MarkT: So you’re arguing that he went mainstream by accident? Now he’s going to
stay there because Albion Records will recognize that he is so good, they won’t
screw up his recordings anymore?

JTgrrrl: No, any time Jason gets close to the brass ring, he
f*cks up his chances by doing something that no record label will gamble with.
I’m confident that you aren’t going to hear any more of his music in elevators.
Woman at the Well was his only shot at that.

Another new name logged on and sent everyone into a flurry.

 
LostSon2: If you don’t think Jason still belongs in indie country, you haven’t
heard the boots from Saturday afternoon. He did Hank Williams and Ralph Stanley
tunes, and SusiQ sang two Hazel Dickens and Alice Gerrard songs.
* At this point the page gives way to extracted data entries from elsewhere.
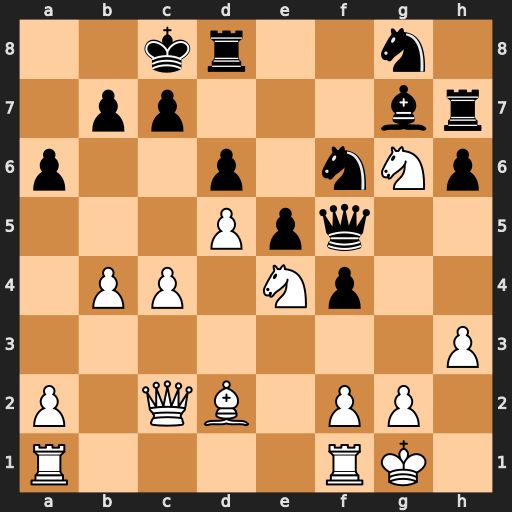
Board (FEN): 2kr2n1/1pp3br/p2p1nNp/3Ppq2/1PP1Np2/7P/P1QB1PP1/R4RK1
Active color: w
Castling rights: -
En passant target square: -
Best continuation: Nxd6+ cxd6 Qxf5+
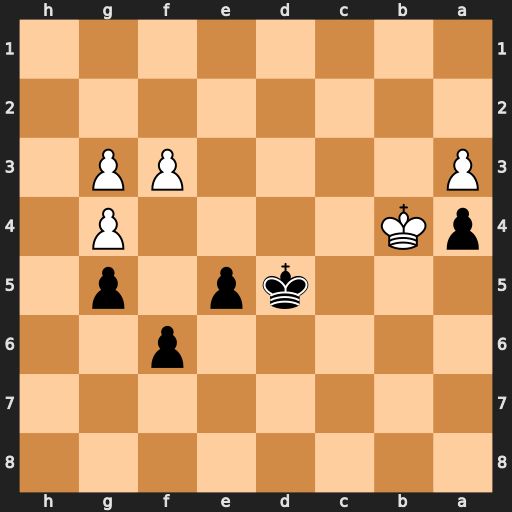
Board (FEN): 8/8/5p2/3kp1p1/pK4P1/P4PP1/8/8
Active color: b
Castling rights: -
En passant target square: -
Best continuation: Kd4 Kxa4 Ke3 Kb5 Kxf3
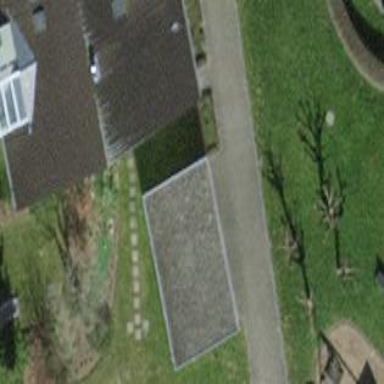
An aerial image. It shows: Garage.
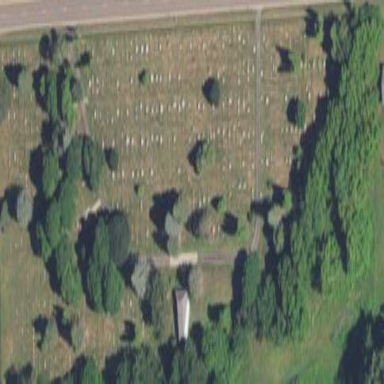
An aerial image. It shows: Cemetery.
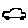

I put the MP3s
on the trading list, together with some outtakes from recent rehearsals.

MarkT: You have rehearsal tapes? I thought his sessions were
all closed.

LostSon2: We’re like brothers, so I have access. I also posted
some MP3s from Saturday’s sound-board tapes. But you can’t hear Susi on those.
Her voice is missing.

MarkT: How can her voice be missing from the sound board?

LostSon2: I think it’s like how a vampire’s reflection doesn’t
show in a mirror. She is an angel, and you have to do something special to
catch her voice on tape.

MarkT: I heard her Saturday night. She’s from out of this
world, but I don’t know about angel.

LostSon2: She is going to be the angel of indie country. She is
going to be like Emmylou Harris was for Gram Parsons. Except I hope God doesn’t
decide to strike Jason down so young.

Frickin’ hell. I yelled for Martha to find the sound-board
tapes from Saturday night, and then I was on the phone to Karl, hating that the
word ‘estoppels’ had entered my vocabulary, leaving details with Warren, who
answered the phone during lunch hour. While I was shouting a While-You-Were-Out
note about the idiot bastard fan freak whose heart I wanted to rip out with my
teeth, Martha slipped me a note: Ephraim had a radio station manager holding on
another phone line for me.

“I’m grateful that you have time for us, Mr. Taylor.”

“Hi, Ray. Only the IRS calls me Mr. Taylor. Geez, I haven’t
talked to you since you were kind enough to let us visit in July.” My throat
had rasped raw from the morning’s tantrums.

“It was a good session.”

“How’s your boy? Dylan, isn’t it? He must be five by now.”

“He is doing great. ‘Rhianna’s Song’ is one of his
favorites.”

“No kidding? What else do five-year-olds listen to?”

“Los Lobos, Beach Boys, Beatles. Stoneway.”

“You are shining me on, Ray. Tell me more tonight?”

“The show is at ten. If you want, you can come a little
earlier.”

“Yes. I’ll bring my partner. We’re happy to play if you’ll
have us.”

The guy was effusive in his thanks, and I would make him
wait until tonight to let him know that in the world of music, “partner” still
meant Ian Griffith, not the mysterious angel who sang with us on Saturday.